Gen AI tools are finding their way into marketing functions due to their ability to automate and enhance various aspects of marketing and advertising. The technology allows marketers to craft and automate personalized marketing messages for specific customer segments, geographies, and demographics. Besides, it can instantaneously translate mass email campaigns into as many languages as necessary and add distinct images depending on the recipient group. In addition to creating customized messages, Gen AI can also be used to produce drafts of brand advertisements, headlines, banners, and social media postings.

Empowering data-driven decisions

  • Managing inventory

One of the most common generative AI use cases in e-commerce includes forecasting customer demands to avoid stockouts and overstocking and managing inventory. Generative AI can analyze past orders, customer preferences, seasonal patterns, and more to produce insights e-commerce brands can act upon to optimize inventory levels, streamline the supply chain, and thus reduce costs. Gen AI models can also assist e-commerce stores in improving order fulfilment, enhancing last-mile delivery, and optimizing logistic routes.

  • Improving fraud detection

Generative AI aids e-commerce brands in detecting fraud and enhancing security. According to the research, fraud costs an average firm 5% of its yearly income. Due to their amazing ability to analyse extensive datasets and learn from historical scamming patterns, generative AI models can spot anomalies, dubious activities, and suspicious transactions and provide e-commerce stores with reliable recommendations on what to do next in real-time. Taking such a proactive approach can go a long way toward saving a significant amount of money in the long run.

  • Optimizing pricing

Another e-commerce area where generative AI shines is dynamic pricing.
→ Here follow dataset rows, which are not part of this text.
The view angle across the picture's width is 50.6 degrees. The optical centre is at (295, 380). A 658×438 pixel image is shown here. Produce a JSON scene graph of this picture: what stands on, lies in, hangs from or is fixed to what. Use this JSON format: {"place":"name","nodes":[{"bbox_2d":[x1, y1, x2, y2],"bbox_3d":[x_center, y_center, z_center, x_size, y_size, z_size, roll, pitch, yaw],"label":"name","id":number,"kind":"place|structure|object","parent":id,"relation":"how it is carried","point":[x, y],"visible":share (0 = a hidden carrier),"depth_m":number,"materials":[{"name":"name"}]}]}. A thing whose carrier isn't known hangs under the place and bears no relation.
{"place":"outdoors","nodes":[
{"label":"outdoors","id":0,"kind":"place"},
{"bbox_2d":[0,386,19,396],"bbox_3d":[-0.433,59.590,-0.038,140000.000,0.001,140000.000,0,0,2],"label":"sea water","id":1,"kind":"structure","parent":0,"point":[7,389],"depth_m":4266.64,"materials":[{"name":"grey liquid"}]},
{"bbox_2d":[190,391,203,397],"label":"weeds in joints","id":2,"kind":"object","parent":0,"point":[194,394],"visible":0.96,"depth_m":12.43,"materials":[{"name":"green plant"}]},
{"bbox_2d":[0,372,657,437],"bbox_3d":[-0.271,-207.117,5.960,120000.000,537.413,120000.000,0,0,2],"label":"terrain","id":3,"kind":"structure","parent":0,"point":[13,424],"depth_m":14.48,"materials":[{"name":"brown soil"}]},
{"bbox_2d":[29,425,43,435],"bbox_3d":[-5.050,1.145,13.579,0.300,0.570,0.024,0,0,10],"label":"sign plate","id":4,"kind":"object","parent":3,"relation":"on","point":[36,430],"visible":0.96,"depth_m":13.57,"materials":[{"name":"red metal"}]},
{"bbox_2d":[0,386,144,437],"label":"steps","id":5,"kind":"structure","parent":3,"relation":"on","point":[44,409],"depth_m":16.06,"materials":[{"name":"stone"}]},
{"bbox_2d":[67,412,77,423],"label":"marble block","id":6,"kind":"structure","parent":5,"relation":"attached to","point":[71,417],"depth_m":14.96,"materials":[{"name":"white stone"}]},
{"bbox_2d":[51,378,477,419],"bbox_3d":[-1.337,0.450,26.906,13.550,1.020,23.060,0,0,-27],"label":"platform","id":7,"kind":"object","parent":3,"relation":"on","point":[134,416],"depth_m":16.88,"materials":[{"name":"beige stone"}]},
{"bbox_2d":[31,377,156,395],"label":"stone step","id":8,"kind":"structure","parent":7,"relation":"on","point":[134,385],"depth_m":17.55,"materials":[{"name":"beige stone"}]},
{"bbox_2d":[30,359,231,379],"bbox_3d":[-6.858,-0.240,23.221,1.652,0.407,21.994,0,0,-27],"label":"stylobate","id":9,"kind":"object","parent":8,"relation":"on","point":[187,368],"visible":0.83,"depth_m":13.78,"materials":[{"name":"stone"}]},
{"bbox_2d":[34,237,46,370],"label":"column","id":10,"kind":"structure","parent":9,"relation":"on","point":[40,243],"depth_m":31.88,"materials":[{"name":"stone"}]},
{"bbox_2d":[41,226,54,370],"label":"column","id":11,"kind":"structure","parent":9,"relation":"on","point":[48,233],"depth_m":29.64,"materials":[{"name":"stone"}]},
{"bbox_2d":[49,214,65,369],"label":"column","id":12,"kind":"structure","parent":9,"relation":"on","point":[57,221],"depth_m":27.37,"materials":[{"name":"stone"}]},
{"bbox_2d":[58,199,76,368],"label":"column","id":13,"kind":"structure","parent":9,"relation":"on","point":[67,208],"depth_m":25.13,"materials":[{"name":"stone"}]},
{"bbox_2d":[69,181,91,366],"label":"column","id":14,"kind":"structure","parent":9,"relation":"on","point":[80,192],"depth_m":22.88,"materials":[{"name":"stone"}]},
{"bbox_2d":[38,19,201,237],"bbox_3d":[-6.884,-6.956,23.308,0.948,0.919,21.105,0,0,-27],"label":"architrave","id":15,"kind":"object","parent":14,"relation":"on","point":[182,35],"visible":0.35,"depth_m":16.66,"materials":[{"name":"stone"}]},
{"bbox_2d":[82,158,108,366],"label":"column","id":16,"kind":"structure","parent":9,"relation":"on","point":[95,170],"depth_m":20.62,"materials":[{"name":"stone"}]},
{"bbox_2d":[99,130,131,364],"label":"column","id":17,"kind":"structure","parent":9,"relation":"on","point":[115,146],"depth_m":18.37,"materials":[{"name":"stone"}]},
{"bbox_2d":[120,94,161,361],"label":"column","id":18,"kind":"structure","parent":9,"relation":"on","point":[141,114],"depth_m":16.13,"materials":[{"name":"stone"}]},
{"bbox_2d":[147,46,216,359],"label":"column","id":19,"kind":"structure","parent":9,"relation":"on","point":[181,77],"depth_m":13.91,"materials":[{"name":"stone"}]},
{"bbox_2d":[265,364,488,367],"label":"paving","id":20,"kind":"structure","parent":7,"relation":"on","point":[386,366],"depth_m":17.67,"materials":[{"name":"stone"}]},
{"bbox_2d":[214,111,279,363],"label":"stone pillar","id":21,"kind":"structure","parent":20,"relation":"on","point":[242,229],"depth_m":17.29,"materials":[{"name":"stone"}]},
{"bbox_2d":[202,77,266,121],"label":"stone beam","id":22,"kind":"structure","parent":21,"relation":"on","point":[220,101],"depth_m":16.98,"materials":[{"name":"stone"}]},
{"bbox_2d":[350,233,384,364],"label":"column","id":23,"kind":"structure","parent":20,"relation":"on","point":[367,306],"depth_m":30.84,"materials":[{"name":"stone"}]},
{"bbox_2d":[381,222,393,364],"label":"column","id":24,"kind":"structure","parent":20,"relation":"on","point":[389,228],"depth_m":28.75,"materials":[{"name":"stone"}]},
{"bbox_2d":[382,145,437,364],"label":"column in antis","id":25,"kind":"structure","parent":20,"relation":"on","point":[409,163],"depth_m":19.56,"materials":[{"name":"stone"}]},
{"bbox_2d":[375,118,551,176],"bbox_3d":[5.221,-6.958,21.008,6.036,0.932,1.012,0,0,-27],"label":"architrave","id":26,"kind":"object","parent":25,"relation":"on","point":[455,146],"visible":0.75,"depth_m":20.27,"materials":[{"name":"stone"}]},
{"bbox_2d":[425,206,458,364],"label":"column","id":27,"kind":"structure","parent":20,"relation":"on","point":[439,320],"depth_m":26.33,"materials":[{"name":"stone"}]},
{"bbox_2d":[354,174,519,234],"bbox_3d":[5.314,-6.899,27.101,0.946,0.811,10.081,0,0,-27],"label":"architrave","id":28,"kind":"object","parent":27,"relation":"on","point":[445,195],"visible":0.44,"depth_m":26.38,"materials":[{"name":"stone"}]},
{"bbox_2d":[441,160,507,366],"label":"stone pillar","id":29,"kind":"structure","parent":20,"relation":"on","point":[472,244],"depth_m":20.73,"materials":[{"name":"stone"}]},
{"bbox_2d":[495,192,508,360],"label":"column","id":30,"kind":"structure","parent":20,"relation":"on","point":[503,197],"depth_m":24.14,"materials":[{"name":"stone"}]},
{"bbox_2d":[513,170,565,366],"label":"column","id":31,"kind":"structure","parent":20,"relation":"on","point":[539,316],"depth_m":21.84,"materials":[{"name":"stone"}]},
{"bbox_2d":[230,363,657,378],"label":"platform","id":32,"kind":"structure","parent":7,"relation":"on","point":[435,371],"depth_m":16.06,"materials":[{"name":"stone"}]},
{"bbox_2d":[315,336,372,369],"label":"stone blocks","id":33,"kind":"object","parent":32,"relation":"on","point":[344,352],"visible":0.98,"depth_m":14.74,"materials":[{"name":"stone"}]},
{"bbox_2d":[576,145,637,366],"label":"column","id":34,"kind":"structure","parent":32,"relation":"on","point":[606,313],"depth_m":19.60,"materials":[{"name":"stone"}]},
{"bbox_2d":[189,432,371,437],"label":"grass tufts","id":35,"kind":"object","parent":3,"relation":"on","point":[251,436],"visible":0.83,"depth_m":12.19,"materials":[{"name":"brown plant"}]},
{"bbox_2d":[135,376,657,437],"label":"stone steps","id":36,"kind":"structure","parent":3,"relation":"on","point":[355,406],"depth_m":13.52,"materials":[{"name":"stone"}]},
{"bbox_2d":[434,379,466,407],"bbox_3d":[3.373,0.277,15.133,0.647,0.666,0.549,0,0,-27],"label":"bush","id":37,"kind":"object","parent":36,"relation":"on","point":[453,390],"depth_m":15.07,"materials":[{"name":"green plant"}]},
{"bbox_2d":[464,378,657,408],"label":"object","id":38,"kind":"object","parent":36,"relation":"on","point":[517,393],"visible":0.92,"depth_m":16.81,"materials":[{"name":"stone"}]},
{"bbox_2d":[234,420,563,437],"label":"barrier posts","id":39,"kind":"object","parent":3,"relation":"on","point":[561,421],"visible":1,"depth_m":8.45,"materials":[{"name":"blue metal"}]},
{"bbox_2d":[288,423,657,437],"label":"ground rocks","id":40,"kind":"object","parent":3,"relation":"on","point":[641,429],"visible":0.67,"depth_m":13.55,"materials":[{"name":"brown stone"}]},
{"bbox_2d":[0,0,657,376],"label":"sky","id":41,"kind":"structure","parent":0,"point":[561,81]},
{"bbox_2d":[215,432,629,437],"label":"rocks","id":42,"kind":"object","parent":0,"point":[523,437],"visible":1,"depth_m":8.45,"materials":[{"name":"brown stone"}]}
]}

By continuously monitoring market conditions, trends, demand patterns, inventory levels, competitor pricing, and customer behaviour, generative AI allows brands to respond quickly to changes and adjust their pricing strategies accordingly in real time. Furthermore, generative AI algorithms can estimate price elasticity for demand, which measures how demand for a product responds to a change in price. By examining the relationship between price changes and demand fluctuations, e-commerce stores can identify the optimal price points.

On a final note

As the e-commerce sector is continuously expanding, consumers are increasingly demanding more personalized experiences and convenience. McKinsey report reveals that 78% of consumers are more likely to repurchase from brands that personalize. These heightened expectations urge e-commerce companies to tap into burgeoning technologies, with generative AI leading the way as the most promising and versatile tool that has the potential to become a general-purpose tech.
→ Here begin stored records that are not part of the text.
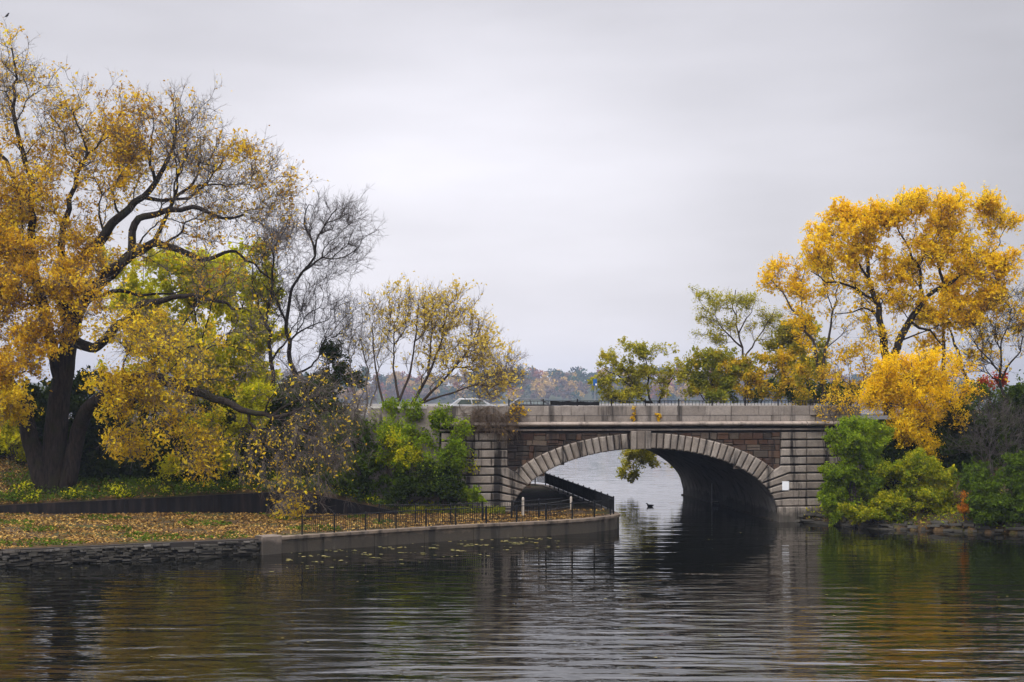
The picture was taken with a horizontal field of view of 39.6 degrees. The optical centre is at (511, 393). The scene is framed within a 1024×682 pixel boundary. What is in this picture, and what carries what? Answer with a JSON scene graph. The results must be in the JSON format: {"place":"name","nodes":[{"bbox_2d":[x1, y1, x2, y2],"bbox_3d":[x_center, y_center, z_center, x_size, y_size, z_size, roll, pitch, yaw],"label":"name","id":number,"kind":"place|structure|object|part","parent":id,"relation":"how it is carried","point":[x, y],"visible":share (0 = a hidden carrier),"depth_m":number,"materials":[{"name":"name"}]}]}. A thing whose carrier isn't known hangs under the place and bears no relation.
{"place":"outdoors","nodes":[
{"label":"outdoors","id":0,"kind":"place"},
{"bbox_2d":[0,453,111,502],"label":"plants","id":1,"kind":"object","parent":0,"point":[26,470],"visible":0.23,"depth_m":107.36,"materials":[{"name":"green plant"}]},
{"bbox_2d":[0,402,1023,681],"bbox_3d":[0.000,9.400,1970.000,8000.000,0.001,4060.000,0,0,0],"label":"water","id":2,"kind":"structure","parent":0,"point":[726,594],"depth_m":62.60,"materials":[{"name":"black liquid"}]},
{"bbox_2d":[70,537,863,635],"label":"floating leaves","id":3,"kind":"object","parent":2,"relation":"on","point":[426,553],"visible":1,"depth_m":83.47,"materials":[{"name":"yellow plant"}]},
{"bbox_2d":[0,411,1023,550],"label":"ground","id":4,"kind":"structure","parent":0,"point":[535,493],"depth_m":99.09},
{"bbox_2d":[0,420,26,461],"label":"leafy bush","id":5,"kind":"object","parent":4,"relation":"on","point":[10,441],"visible":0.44,"depth_m":109.24,"materials":[{"name":"yellow plant"}]},
{"bbox_2d":[0,378,47,458],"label":"thicket","id":6,"kind":"object","parent":4,"relation":"on","point":[2,454],"visible":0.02,"depth_m":111.60,"materials":[{"name":"green plant"}]},
{"bbox_2d":[10,365,172,481],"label":"thicket","id":7,"kind":"object","parent":4,"relation":"on","point":[93,463],"visible":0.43,"depth_m":108.15,"materials":[{"name":"green plant"}]},
{"bbox_2d":[0,539,260,566],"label":"dry stone wall","id":8,"kind":"structure","parent":4,"relation":"on","point":[112,552],"depth_m":80.20,"materials":[{"name":"grey stone"}]},
{"bbox_2d":[0,492,281,513],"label":"retaining wall","id":9,"kind":"structure","parent":4,"relation":"on","point":[242,502],"depth_m":101.02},
{"bbox_2d":[112,416,225,483],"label":"thicket","id":10,"kind":"object","parent":4,"relation":"on","point":[137,471],"visible":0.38,"depth_m":106.71,"materials":[{"name":"green plant"}]},
{"bbox_2d":[0,15,383,520],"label":"cottonwood tree","id":11,"kind":"object","parent":4,"relation":"on","point":[70,291],"visible":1,"depth_m":102.05,"materials":[{"name":"yellow plant"}]},
{"bbox_2d":[93,237,291,423],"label":"maple tree","id":12,"kind":"object","parent":4,"relation":"on","point":[219,309],"visible":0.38,"depth_m":117.67,"materials":[{"name":"green plant"}]},
{"bbox_2d":[0,512,390,546],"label":"grass","id":13,"kind":"structure","parent":4,"relation":"on","point":[144,537],"depth_m":88.58,"materials":[{"name":"green plant"}]},
{"bbox_2d":[0,477,410,511],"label":"fallen leaves","id":14,"kind":"object","parent":4,"relation":"on","point":[168,495],"visible":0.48,"depth_m":102.16,"materials":[{"name":"plant"}]},
{"bbox_2d":[150,377,276,481],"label":"leafy bush","id":15,"kind":"object","parent":4,"relation":"on","point":[247,398],"visible":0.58,"depth_m":104.35,"materials":[{"name":"green plant"}]},
{"bbox_2d":[0,453,440,511],"bbox_3d":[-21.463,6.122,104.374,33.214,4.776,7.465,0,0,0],"label":"weeds","id":16,"kind":"object","parent":4,"relation":"on","point":[128,481],"visible":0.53,"depth_m":103.52,"materials":[{"name":"green plant"}]},
{"bbox_2d":[194,372,343,482],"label":"thicket","id":17,"kind":"object","parent":4,"relation":"on","point":[278,403],"visible":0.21,"depth_m":105.80,"materials":[{"name":"brown plant"}]},
{"bbox_2d":[233,205,328,388],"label":"bare tree","id":18,"kind":"object","parent":4,"relation":"on","point":[272,274],"visible":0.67,"depth_m":109.94,"materials":[{"name":"brown plant"}]},
{"bbox_2d":[0,508,607,548],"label":"fallen leaves","id":19,"kind":"object","parent":4,"relation":"on","point":[144,520],"visible":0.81,"depth_m":92.35,"materials":[{"name":"orange plant"}]},
{"bbox_2d":[283,399,347,484],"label":"thicket","id":20,"kind":"object","parent":4,"relation":"on","point":[310,427],"visible":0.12,"depth_m":105.56,"materials":[{"name":"brown plant"}]},
{"bbox_2d":[250,183,386,376],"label":"bare tree","id":21,"kind":"object","parent":4,"relation":"on","point":[349,222],"visible":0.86,"depth_m":111.84,"materials":[{"name":"grey plant"}]},
{"bbox_2d":[311,336,367,413],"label":"juniper","id":22,"kind":"object","parent":4,"relation":"on","point":[338,368],"visible":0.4,"depth_m":111.47,"materials":[{"name":"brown plant"}]},
{"bbox_2d":[283,492,401,513],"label":"retaining wall","id":23,"kind":"structure","parent":4,"relation":"on","point":[336,506],"depth_m":100.62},
{"bbox_2d":[322,280,397,420],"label":"sapling","id":24,"kind":"object","parent":4,"relation":"on","point":[363,349],"visible":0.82,"depth_m":109.99,"materials":[{"name":"grey plant"}]},
{"bbox_2d":[311,406,445,504],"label":"leafy bush","id":25,"kind":"object","parent":4,"relation":"on","point":[363,472],"visible":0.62,"depth_m":101.80,"materials":[{"name":"green plant"}]},
{"bbox_2d":[368,406,438,507],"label":"approach wall","id":26,"kind":"structure","parent":4,"relation":"on","point":[425,422],"depth_m":102.06,"materials":[{"name":"stone"}]},
{"bbox_2d":[360,390,476,499],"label":"leafy bush","id":27,"kind":"object","parent":4,"relation":"on","point":[454,452],"visible":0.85,"depth_m":100.91,"materials":[{"name":"green plant"}]},
{"bbox_2d":[380,456,466,511],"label":"leafy bush","id":28,"kind":"object","parent":4,"relation":"on","point":[409,486],"visible":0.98,"depth_m":99.98,"materials":[{"name":"green plant"}]},
{"bbox_2d":[375,426,480,507],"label":"leafy bush","id":29,"kind":"object","parent":4,"relation":"on","point":[401,454],"visible":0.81,"depth_m":100.89,"materials":[{"name":"green plant"}]},
{"bbox_2d":[255,483,619,554],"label":"concrete wall","id":30,"kind":"structure","parent":4,"relation":"on","point":[269,544],"depth_m":90.41,"materials":[{"name":"grey concrete"}]},
{"bbox_2d":[301,498,612,534],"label":"iron fence","id":31,"kind":"object","parent":30,"relation":"on","point":[516,511],"visible":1,"depth_m":91.78,"materials":[{"name":"black metal"}]},
{"bbox_2d":[358,271,534,407],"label":"box elder","id":32,"kind":"object","parent":4,"relation":"on","point":[474,342],"visible":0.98,"depth_m":103.11,"materials":[{"name":"yellow plant"}]},
{"bbox_2d":[399,504,505,513],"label":"weeds","id":33,"kind":"object","parent":4,"relation":"on","point":[463,510],"visible":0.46,"depth_m":100.25,"materials":[{"name":"plant"}]},
{"bbox_2d":[378,498,561,522],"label":"iron fence","id":34,"kind":"object","parent":4,"relation":"on","point":[482,505],"visible":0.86,"depth_m":94.29,"materials":[{"name":"black metal"}]},
{"bbox_2d":[457,484,487,511],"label":"leafy bush","id":35,"kind":"object","parent":4,"relation":"on","point":[473,495],"visible":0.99,"depth_m":100.42,"materials":[{"name":"green plant"}]},
{"bbox_2d":[465,335,532,404],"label":"bare shrub","id":36,"kind":"object","parent":4,"relation":"on","point":[513,365],"visible":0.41,"depth_m":110.94,"materials":[{"name":"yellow plant"}]},
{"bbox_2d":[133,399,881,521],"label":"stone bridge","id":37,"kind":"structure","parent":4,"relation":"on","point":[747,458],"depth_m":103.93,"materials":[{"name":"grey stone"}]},
{"bbox_2d":[450,398,496,405],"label":"car","id":38,"kind":"object","parent":37,"relation":"on","point":[463,402],"visible":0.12,"depth_m":109.84,"materials":[{"name":"silver metal"}]},
{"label":"side window","id":39,"kind":"part","parent":38,"relation":"part of","materials":[{"name":"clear glass"}]},
{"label":"side window","id":40,"kind":"part","parent":38,"relation":"part of","materials":[{"name":"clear glass"}]},
{"bbox_2d":[444,392,531,444],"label":"dry vine","id":41,"kind":"object","parent":37,"relation":"hanging from","point":[507,418],"visible":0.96,"depth_m":101.36,"materials":[{"name":"brown plant"}]},
{"bbox_2d":[505,398,554,405],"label":"car","id":42,"kind":"object","parent":37,"relation":"on","point":[526,401],"visible":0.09,"depth_m":110.66,"materials":[{"name":"grey paint"}]},
{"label":"side window","id":43,"kind":"part","parent":42,"relation":"part of","materials":[{"name":"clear glass"}]},
{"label":"side window","id":44,"kind":"part","parent":42,"relation":"part of","materials":[{"name":"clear glass"}]},
{"bbox_2d":[630,405,636,421],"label":"weed tuft","id":45,"kind":"object","parent":37,"relation":"on","point":[633,416],"visible":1,"depth_m":102.95,"materials":[{"name":"yellow plant"}]},
{"bbox_2d":[654,413,661,420],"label":"weed tuft","id":46,"kind":"object","parent":37,"relation":"on","point":[659,417],"visible":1,"depth_m":103.20,"materials":[{"name":"yellow plant"}]},
{"bbox_2d":[782,481,788,489],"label":"notice sign","id":47,"kind":"object","parent":37,"relation":"attached to","point":[785,485],"visible":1,"depth_m":104.48,"materials":[{"name":"white paper"}]},
{"bbox_2d":[522,496,571,514],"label":"cable barrier","id":48,"kind":"object","parent":4,"relation":"on","point":[542,503],"visible":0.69,"depth_m":99.68,"materials":[{"name":"metal"}]},
{"bbox_2d":[532,472,613,513],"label":"iron fence","id":49,"kind":"object","parent":4,"relation":"on","point":[578,490],"visible":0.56,"depth_m":114.79,"materials":[{"name":"black metal"}]},
{"bbox_2d":[587,335,691,483],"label":"willow tree","id":50,"kind":"object","parent":4,"relation":"on","point":[641,350],"visible":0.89,"depth_m":135.84,"materials":[{"name":"green plant"}]},
{"bbox_2d":[679,342,757,403],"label":"turning tree","id":51,"kind":"object","parent":4,"relation":"on","point":[717,384],"visible":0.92,"depth_m":136.07,"materials":[{"name":"green plant"}]},
{"bbox_2d":[687,284,789,403],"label":"locust tree","id":52,"kind":"object","parent":4,"relation":"on","point":[767,321],"visible":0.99,"depth_m":139.62,"materials":[{"name":"green plant"}]},
{"bbox_2d":[716,341,814,403],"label":"turning tree","id":53,"kind":"object","parent":4,"relation":"on","point":[781,358],"visible":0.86,"depth_m":135.44,"materials":[{"name":"yellow plant"}]},
{"bbox_2d":[759,313,834,401],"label":"locust tree","id":54,"kind":"object","parent":4,"relation":"on","point":[788,340],"visible":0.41,"depth_m":141.68,"materials":[{"name":"yellow plant"}]},
{"bbox_2d":[752,237,862,403],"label":"ash tree","id":55,"kind":"object","parent":4,"relation":"on","point":[797,288],"visible":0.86,"depth_m":133.77,"materials":[{"name":"yellow plant"}]},
{"bbox_2d":[784,354,844,405],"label":"sapling","id":56,"kind":"object","parent":4,"relation":"on","point":[803,371],"visible":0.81,"depth_m":132.39,"materials":[{"name":"yellow plant"}]},
{"bbox_2d":[811,386,860,464],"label":"sapling","id":57,"kind":"object","parent":4,"relation":"on","point":[852,398],"visible":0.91,"depth_m":104.01,"materials":[{"name":"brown plant"}]},
{"bbox_2d":[749,368,925,409],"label":"thicket","id":58,"kind":"object","parent":4,"relation":"on","point":[790,394],"visible":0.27,"depth_m":139.02,"materials":[{"name":"brown plant"}]},
{"bbox_2d":[805,332,882,405],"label":"sapling","id":59,"kind":"object","parent":4,"relation":"on","point":[845,358],"visible":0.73,"depth_m":126.98,"materials":[{"name":"yellow plant"}]},
{"bbox_2d":[815,413,896,525],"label":"leafy bush","id":60,"kind":"object","parent":4,"relation":"on","point":[853,445],"visible":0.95,"depth_m":101.28,"materials":[{"name":"green plant"}]},
{"bbox_2d":[836,502,908,524],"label":"leafy bush","id":61,"kind":"object","parent":4,"relation":"on","point":[864,514],"visible":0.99,"depth_m":99.13,"materials":[{"name":"green plant"}]},
{"bbox_2d":[795,182,1023,421],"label":"cottonwood tree","id":62,"kind":"object","parent":4,"relation":"on","point":[942,218],"visible":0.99,"depth_m":127.09,"materials":[{"name":"yellow plant"}]},
{"bbox_2d":[795,512,1023,533],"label":"shore stones","id":63,"kind":"object","parent":4,"relation":"on","point":[881,524],"visible":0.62,"depth_m":98.19,"materials":[{"name":"stone"}]},
{"bbox_2d":[865,445,958,520],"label":"leafy bush","id":64,"kind":"object","parent":4,"relation":"on","point":[930,491],"visible":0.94,"depth_m":99.38,"materials":[{"name":"green plant"}]},
{"bbox_2d":[803,484,1021,528],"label":"weeds","id":65,"kind":"object","parent":4,"relation":"on","point":[953,512],"visible":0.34,"depth_m":98.98,"materials":[{"name":"green plant"}]},
{"bbox_2d":[808,500,1023,531],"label":"fallen leaves","id":66,"kind":"object","parent":4,"relation":"on","point":[937,516],"visible":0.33,"depth_m":98.58,"materials":[{"name":"orange plant"}]},
{"bbox_2d":[851,339,988,481],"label":"maple tree","id":67,"kind":"object","parent":4,"relation":"on","point":[886,385],"visible":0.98,"depth_m":103.29,"materials":[{"name":"yellow plant"}]},
{"bbox_2d":[862,384,1023,491],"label":"thicket","id":68,"kind":"object","parent":4,"relation":"on","point":[1015,392],"visible":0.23,"depth_m":104.60,"materials":[{"name":"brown plant"}]},
{"bbox_2d":[903,270,1006,412],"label":"cottonwood tree","id":69,"kind":"object","parent":4,"relation":"on","point":[932,341],"visible":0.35,"depth_m":130.80,"materials":[{"name":"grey plant"}]},
{"bbox_2d":[957,490,971,522],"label":"leafy bush","id":70,"kind":"object","parent":4,"relation":"on","point":[962,506],"visible":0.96,"depth_m":96.89,"materials":[{"name":"brown plant"}]},
{"bbox_2d":[930,381,1023,491],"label":"bare shrub","id":71,"kind":"object","parent":4,"relation":"on","point":[992,425],"visible":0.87,"depth_m":100.43,"materials":[{"name":"grey plant"}]},
{"bbox_2d":[941,369,1023,420],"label":"leafy bush","id":72,"kind":"object","parent":4,"relation":"on","point":[984,386],"visible":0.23,"depth_m":111.19,"materials":[{"name":"brown plant"}]},
{"bbox_2d":[946,277,1023,417],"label":"bare tree","id":73,"kind":"object","parent":4,"relation":"on","point":[995,330],"visible":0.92,"depth_m":105.86,"materials":[{"name":"brown plant"}]},
{"bbox_2d":[951,450,1023,527],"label":"leafy bush","id":74,"kind":"object","parent":4,"relation":"on","point":[990,504],"visible":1,"depth_m":96.14,"materials":[{"name":"green plant"}]},
{"bbox_2d":[977,370,1009,416],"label":"leafy bush","id":75,"kind":"object","parent":4,"relation":"on","point":[1004,382],"visible":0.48,"depth_m":111.50,"materials":[{"name":"brown plant"}]},
{"bbox_2d":[0,0,1023,385],"label":"sky","id":76,"kind":"structure","parent":0,"point":[589,164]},
{"bbox_2d":[16,379,1012,401],"bbox_3d":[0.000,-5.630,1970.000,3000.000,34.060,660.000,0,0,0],"label":"hills","id":77,"kind":"structure","parent":0,"point":[585,398],"depth_m":1690.58,"materials":[{"name":"grey plant"}]},
{"bbox_2d":[43,363,977,401],"bbox_3d":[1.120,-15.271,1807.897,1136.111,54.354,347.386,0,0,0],"label":"wood","id":78,"kind":"object","parent":77,"relation":"on","point":[563,385],"visible":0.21,"depth_m":1715.37,"materials":[{"name":"brown plant"}]},
{"bbox_2d":[550,401,598,405],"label":"railing","id":79,"kind":"object","parent":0,"point":[557,403],"visible":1,"depth_m":102.73,"materials":[{"name":"black metal"}]},
{"bbox_2d":[861,414,996,418],"bbox_3d":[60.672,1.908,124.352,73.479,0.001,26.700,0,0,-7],"label":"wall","id":80,"kind":"structure","parent":0,"point":[877,417],"depth_m":120.13,"materials":[{"name":"stone"}]}
]}

Generative AI and e-commerce make a potent combo that can revolutionize how e-commerce businesses operate and how customers experience online shopping. As you can see in the examples above, the possibilities of generative AI in e-commerce are endless. Generative AI systems become a key competitive differentiator for e-commerce businesses and enterprises as they push the boundaries of what is achievable with traditional techniques. With 78% of consumers willing to recommend brands that personalize, there has never been a better time for e-commerce entities to adopt generative AI technologies ASAP so that they could differentiate themselves with superior customer experience that strikes a chord.

Weaving generative AI solutions into online shopping experiences require developing a robust gen AI e-commerce strategy. Partnering with an experienced provider of AI solutions for e-commerce is a surefire way to build a strategic Gen AI implementation roadmap that works best for your e-commerce business.